Ao abordar o assunto, respondendo diretamente a Camila, o presidente fez a defesa da atuação da juíza, concentrando-se na questão do tempo de gestação que a criança já tinha quando sua mãe procurou um hospital para que ela pudesse realizar o abortamento legal:

“A criança de 11 anos estava já na sua 23ª semana. Qual é a omissão desses pais diante de 23 semanas de gestação, quando a medicina, a ciência que você brada todo o tempo, diz que no máximo com 20 semanas? A partir dali o aborto legal nem é mais permitido, porque é uma vida.”

(Parêntese: a legislação brasileira, que permite o aborto em caso de estupro, não fala em limite de tempo de gestação para realização do procedimento.)

Davi então é interrompido por Karla, que afirma que o pai é o estuprador. O presidente prossegue: “Estou falando de seis meses, quase seis meses, e daquilo que precisa ser feito”.

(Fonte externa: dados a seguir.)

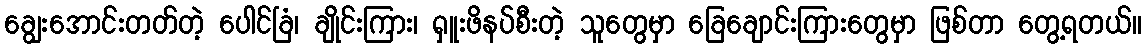
ချွေးအောင်းတတ်တဲ့ ပေါင်ခြံ၊ ချိုင်းကြား၊ ရှူးဖိနပ်စီးတဲ့ သူတွေမှာ ခြေချောင်းကြားတွေမှာ ဖြစ်တာ တွေ့ရတယ်။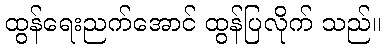
ထွန်ရေးညက်အောင် ထွန်ပြလိုက် သည်။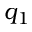
q _ { 1 }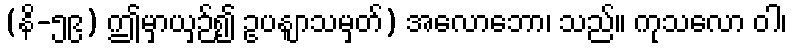
(နိ-၅၉) ဤမှာယှဉ်၍ ဥပနျာသမှတ်) အလောဘော၊ သည်။ ကုသလော ဝါ၊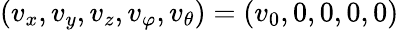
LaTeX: (v_{x},v_{y},v_{z},v_{\varphi},v_{\theta})=(v_{0},0,0,0,0)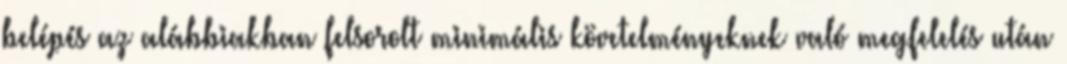
belépés az alábbiakban felsorolt minimális követelményeknek való megfelelés után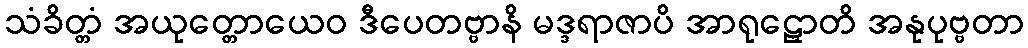
သံခိတ္တံ အယုတ္တောယေဝ ဒီပေတဗ္ဗာနိ မဒ္ဒရာဇာပိ အာရုဠှောတိ အနုပုဗ္ဗတာ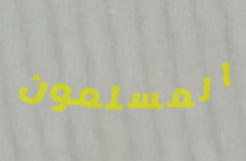
المسلمون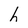
Character: h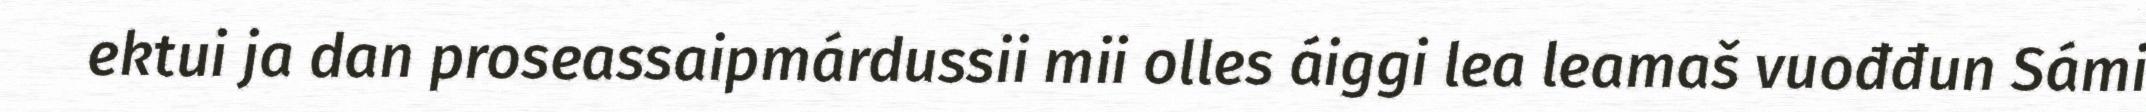
ektui ja dan proseassaipmárdussii mii olles áiggi lea leamaš vuođđun Sámi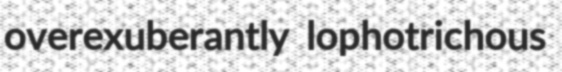
overexuberantly lophotrichous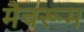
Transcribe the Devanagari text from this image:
मैचरूम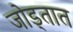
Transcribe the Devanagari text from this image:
जोड्तात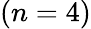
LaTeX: (n=4)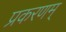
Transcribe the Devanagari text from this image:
प्रकरणम्‌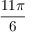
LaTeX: \frac { 1 1 \pi } { 6 }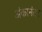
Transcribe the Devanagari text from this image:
अंकानंतर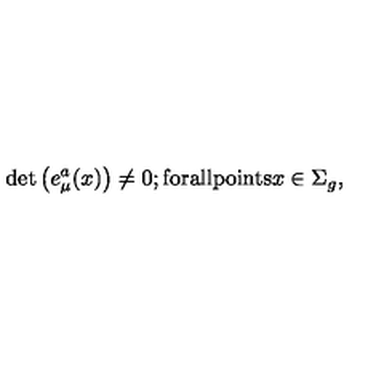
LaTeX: \mathrm { d e t } \left( e _ { \mu } ^ { a } ( x ) \right) \neq 0 ; \mathrm { f o r a l l p o i n t s } x \in \Sigma _ { g } ,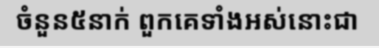
ចំនួន៥នាក់ ពួកគេទាំងអស់នោះជា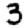
Digit: 3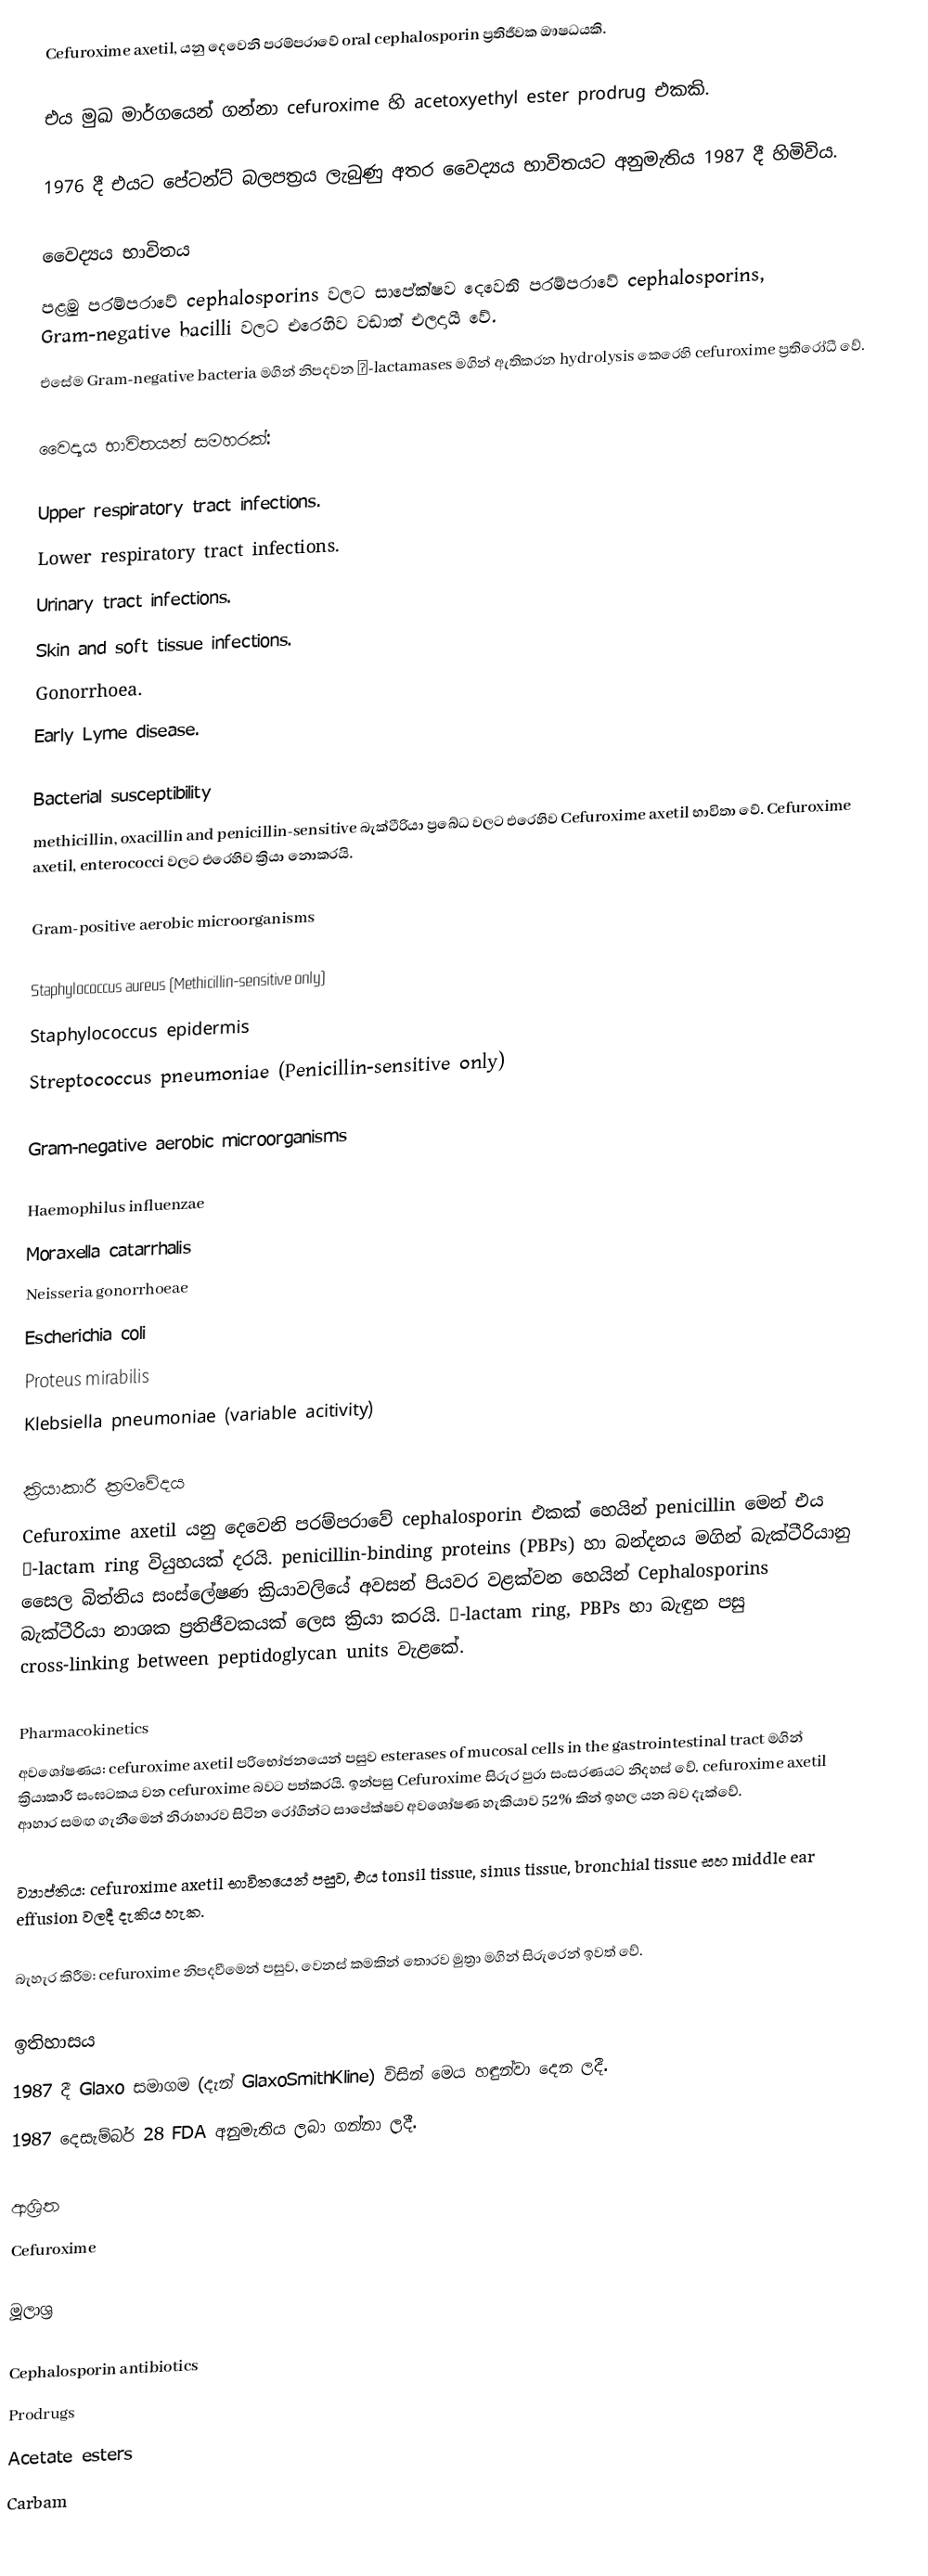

Nesse momento, Luiz Emanuel pede um aparte a Davi: “Eu fico me perguntando: qual é o maior trauma para essa criança?”

Do seu lugar, falando fora do microfone e de modo inaudível na transmissão da sessão, Karla lhe responde. É possível deduzir que a petista se antecipa em dizer que o maior trauma é o de ter sido estuprada. Luiz Emanuel rebate:

“Isso é o que vocês pensam. O trauma do estupro eu não estou discutindo. Eu estou discutindo depois. Mas o trauma de ter retirado um filho, que ela vai ter que conviver com isso. Eu quero saber quem é que vai cuidar disso: é o Estado que vai cuidar agora da emoção dessa criança? É o Estado do PT e do Psol?”

Karla retruca:

“Sim, porque a menina disse que não quer a criança, gente! É porque vocês não são mulheres, porque vocês não têm noção do que é ter um filho…”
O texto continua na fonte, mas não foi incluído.